Nach seinen Aussagen fühlte ich mich etwas hintergangen, aber auch geehrt. Zum einen, da Sebastian hinter meinem Rücken mit ihm zu telefonieren schien und alles über mich berichtete. Zum anderen, er hatte mich nicht einfach so zurückgelassen und im, wie man so schön sagt, im Regen stehen lassen. Er kam in meine Wohnung, schickte mir die Kleidung und versuchte noch einmal mir Amerika schmackhaft zu machen.
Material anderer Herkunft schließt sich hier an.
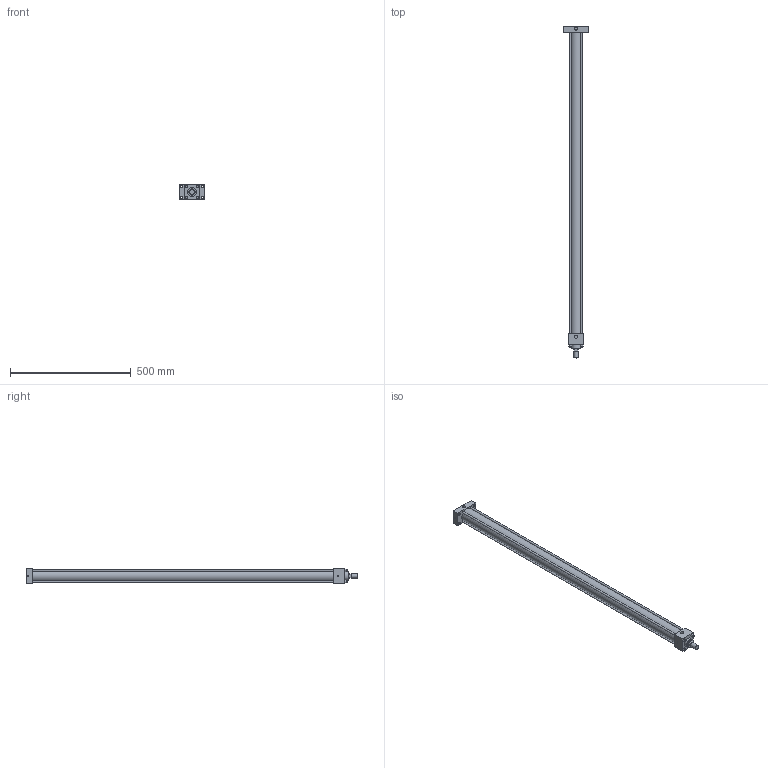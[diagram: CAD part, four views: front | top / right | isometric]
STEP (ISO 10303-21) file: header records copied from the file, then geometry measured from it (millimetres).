
FILE_DESCRIPTION((' Parasolid data model '),'2;1');
FILE_NAME('GSSL','1999-12-15T14:50:56+00:00',(' GSSL '),(' GSSL Pune '),'','GSSL Pune','Author');
FILE_SCHEMA(('CONFIG_CONTROL_DESIGN'));
Length unit declared in the file: millimetre
Bounding box: 104.78 x 1374.78 x 63.5 mm (x, y, z)
Surface area: 381721.4 mm2 (no closed solid volume)
Topology: 0 solids, 5 shells, 88 faces, 221 edges, 157 vertices
Faces by surface type: plane 60, cylinder 28
Full cylindrical faces by diameter (mm): 5.556 x6, 7.137 x8, 9.525 x4, 12.7 x2, 19.05 x1, 25.4 x1, 38.1 x1, 57.15 x1
Entity records: 2920 total; most frequent: CARTESIAN_POINT 506, DIRECTION 460, ORIENTED_EDGE 389, EDGE_CURVE 232, VERTEX_POINT 188, LINE 176, VECTOR 176, EDGE_LOOP 162

Meine Antwort zögerte ich etwas hinaus, doch ihm viel es nicht auf. Wahrscheinlich war er genauso in Gedanken versunken wie ich. Nach einem tiefen Seufzer äußerte ich ihm meinen Plan, der Plan den ich auf dem Weg nach Las Vegas im Flugzeug beschlossen hatte. „Würde es Ihnen… dir etwas ausmachen, wenn ich das Geld für etwas… anderes benutzen würde, als für mich? Ich mein, also…“ Mein stottern nervte mittlerweile, doch am anderen Ende schwieg er und ich nahm den Mut zusammen und versuchte es erneut. „Ich würde gerne als erstes etwas tun, was mir sehr am Herzen liegt und es wäre nicht direkt für mich.“ „Mmmhh... und… was wäre das?“, fragte er vorsichtig nach. Ich sammelte mich kurz: „Mein Wunsch ist meine Mutter erst glücklich zu machen. Ich möchte ihr gerne ein Haus kaufen, mit kleinem Garten und es einrichten, dass was sie sich immer gewünscht hat. Vielleicht auch mit einziehen, ich weiß es noch nicht.“ Ich dachte kurz über sie nach, wieviel sie mir bedeutete und was sie alles mit mir durchgemacht hatte. „Wissen sie… du…, ich habe ihr viel zu verdanken und möchte ihr deshalb helfen.“ Dann erzählte ich ihm von meinen Eltern und meiner schweren Zeit.